Весной мы, семьдесят человек, из-за лошадей отправились в горную долину Утлук, которая по всему Тибету славилась прекрасной травой. Мы проводили там время в охоте на диких ослов и степных яков, а затем вернулись. Я оставлял Искандар султана с группой людей в Марйуле. Когда все собрались в одном месте и лошади подкормились и стали сильные, люди, не устояв перед трудностями и опасностями, все разом разбрелись и ушли в Йарканд. Из тех людей осталось пятьдесят человек — все остальные убежали. В это время из Йарканда прибыл Джан Ахмад-атака, которою я два года тому назад, во время своего возвращения из похода в Урсанг, отправил к Рашид султану, как уже было упомянуто, и он привез приказ о том, чтобы мы покинули Тибет. Причиной моей задержки здесь было следующее: если бы я подался куда-нибудь по собственной воле, то всю ответственность за нарушение обязательств возложили бы на меня, хотя сам он нарушил договор и обещание, подкрепленные верой и сильными клятвами, внешне выказывая верность им. Теперь он, превращая все это в забытый прах, /308а/ прислал приказ о бегстве. Стихи:
Как только прибыл Джан Ахмад-атака, я направился в Бадахшан.
ГЛАВА 110.
УПОМИНАНИЕ ОБ ОТПРАВЛЕНИИ АВТОРА КНИГИ ИЗ ТИБЕТА В БАДАХШАН
Ранее упоминалось, что из тех семисот человек осталось пятьдесят, остальные же, как только могли, бежали в Йарканд. Упоминалось также, что трудность тибетских дорог из-за недостатка фуража и дров, сильные холода и тяжесть пути своими крайностями были таковы, что здравый рассудок отказывался в это верить. Вместе с тем отсутствие возможности достать пищу, одежду, особенно подковы для лошадей, которые совершенно необходимы на тех дорогах, малое количество лошадей и ослабленность их дошли до такого предела, что оставаться в Тибете было невозможно. Мисра:
И оставаться здесь, и пускаться в путь — оба дела были крайне трудными, однако в уходе была надежда, что придет конец трудностям, а в пребывании здесь нельзя было и представить себе их конца[1171]. Мисра:
[Уход] в любую сторону — в Кашмир, и в Кашгар, и в Турфан, и в Индию был одинаково невозможен. Единственной стороной, где имелась надежда на спасение, был Бадахшан, но никто из нас не знал дороги из Тибета в Бадахшан, чтобы можно было уехать, минуя Кашгар. В группе людей, которая бежала в Йарканд, был некий Джахан Шах, и он как-то рассказывал, что слышал от людей горной части Йарканда, как они говорили, что от места под названием Таганак[1172][1173] имеется дорога, которая ведет в Бадахшан Памира. Тогда я расспросил о ней, и мы отправились по дороге, которой не знали. Байт:
[1164] Добавлено по Л2 237б; Л3 178а
[1165] Добавлено по Л2 238а, Л3 178б
[1166] Шайа — поселение около 8 миль к юго-востоку от Леха, на правом берегу Инда. Выше селения на холме находилась резиденция правителей Ладаха (Росс, с. 460, прим. 1).

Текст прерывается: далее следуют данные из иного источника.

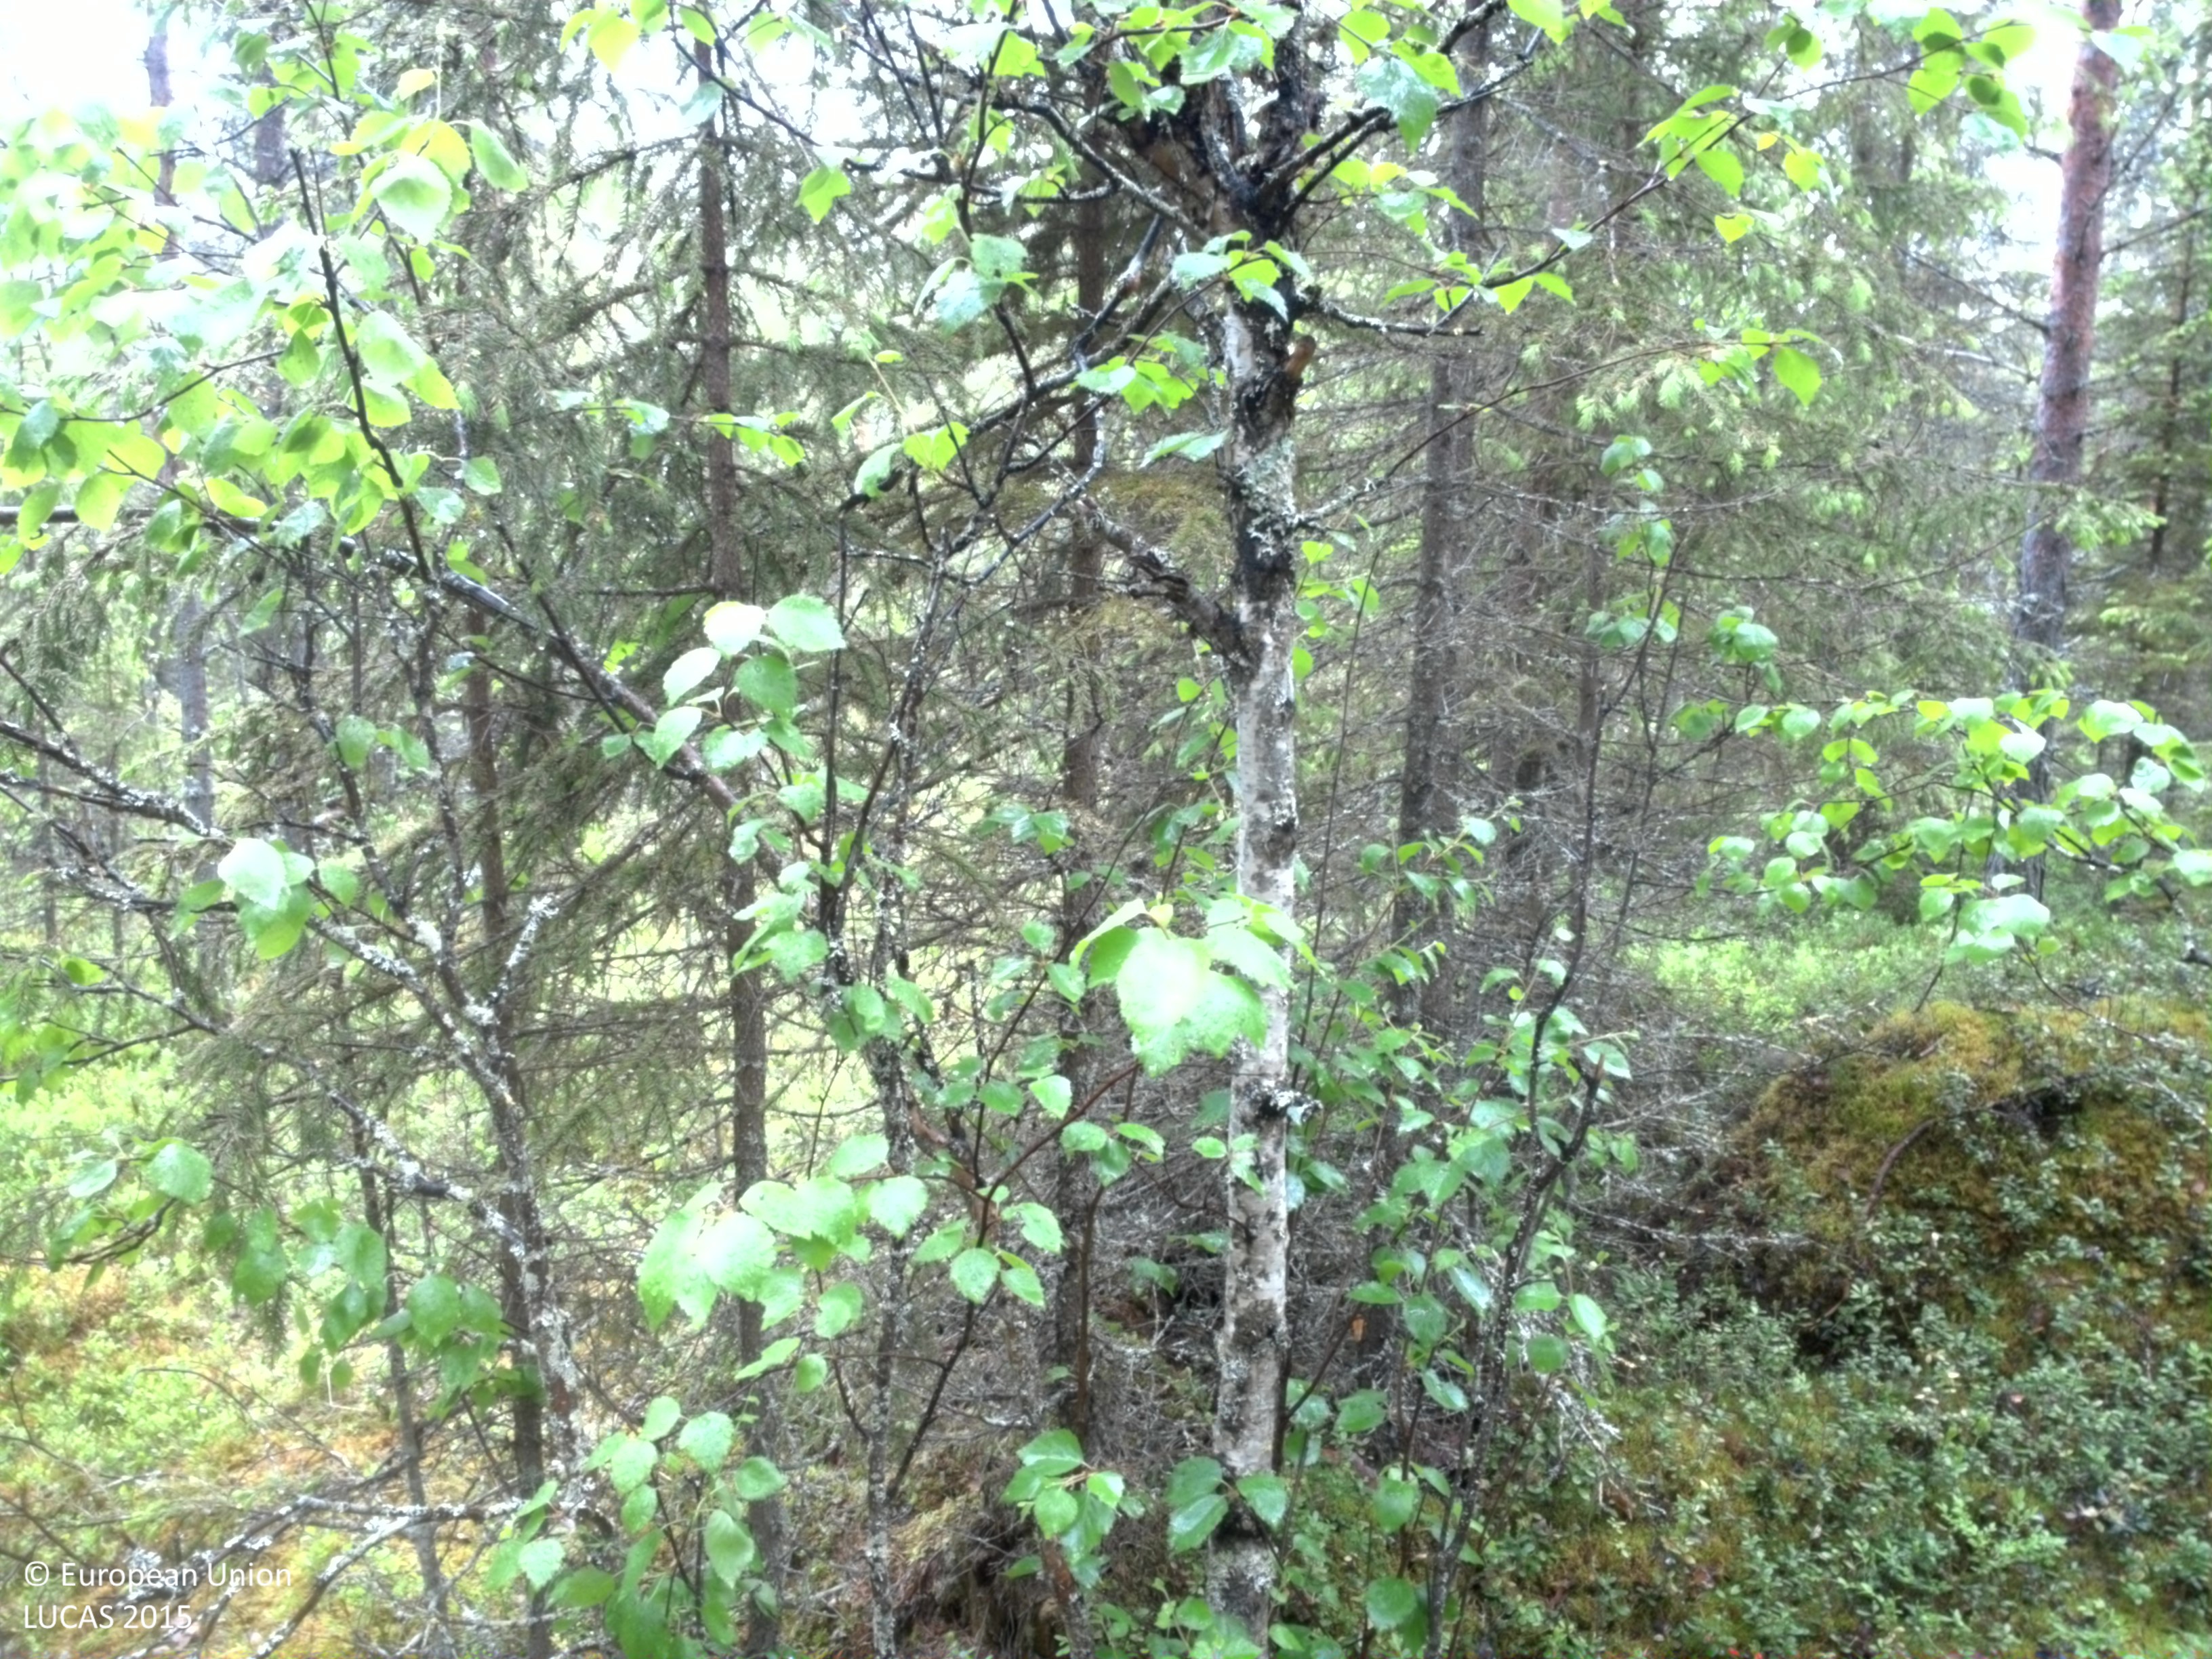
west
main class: Woodland
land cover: Pine dominated coniferous woodland
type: boreal forest
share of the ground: 25 - 50 %
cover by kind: shrubs 50 %, coniferous forest trees 40 %, broadleaved forest trees 5 %, lichens and mosses 5 %
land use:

[1167] Добавлено по Л3 214а; R 462
[1168] Сут (Сот) — группа деревень, обычно называемых Каргил; Сут, возможно, другое название Каргил (Росс, с. 462, прим. 1).

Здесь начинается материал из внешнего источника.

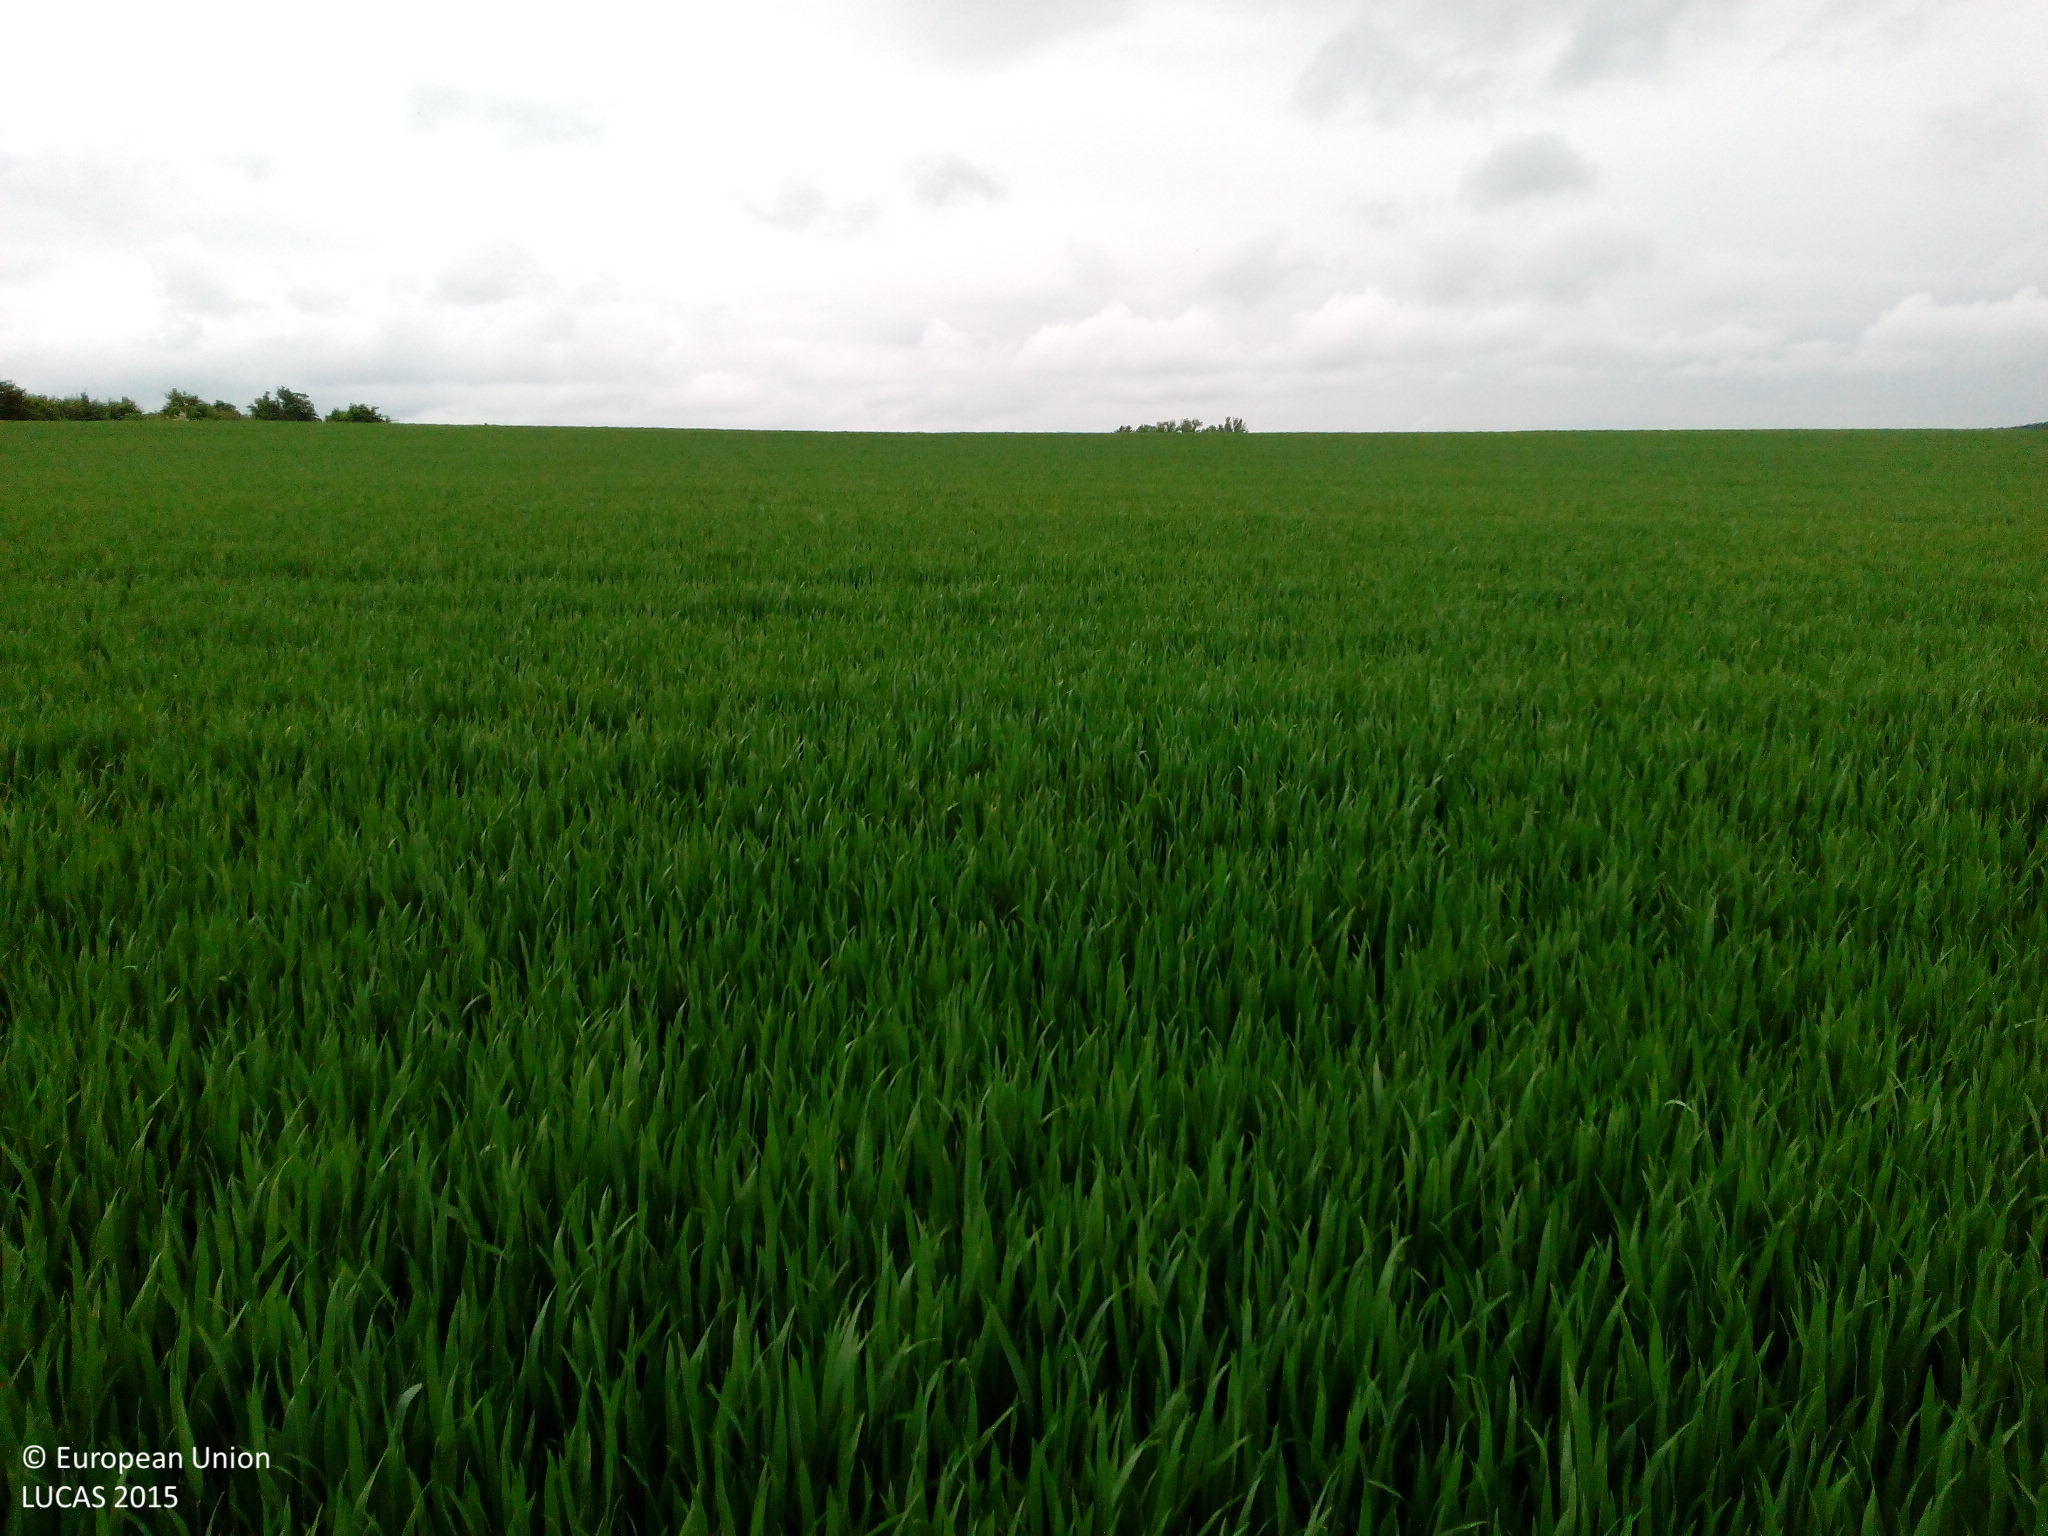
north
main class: Cropland
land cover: Common wheat
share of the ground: > 75 %
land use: Agriculture (excluding fallow land and kitchen gardens)
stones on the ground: < 10 %
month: May
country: DE
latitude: 49.1766
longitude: 10.3154

[1169] Коран, II, 150(155).
[1170] Коран, II, 151(156).
[1171] Добавлено по Л2 240а; Л3 180а
[1172] Таганак — пункт на р. Йарканд (Таканак — на карте), ниже Кулан-улди (Росс, с. 464, прим. 1).
[1173] В Л1 215а — Маханак; Л2 240а; Л3 180а — Тагдумбаш; R 464 — Таг Нак (в коммент. — Токанак).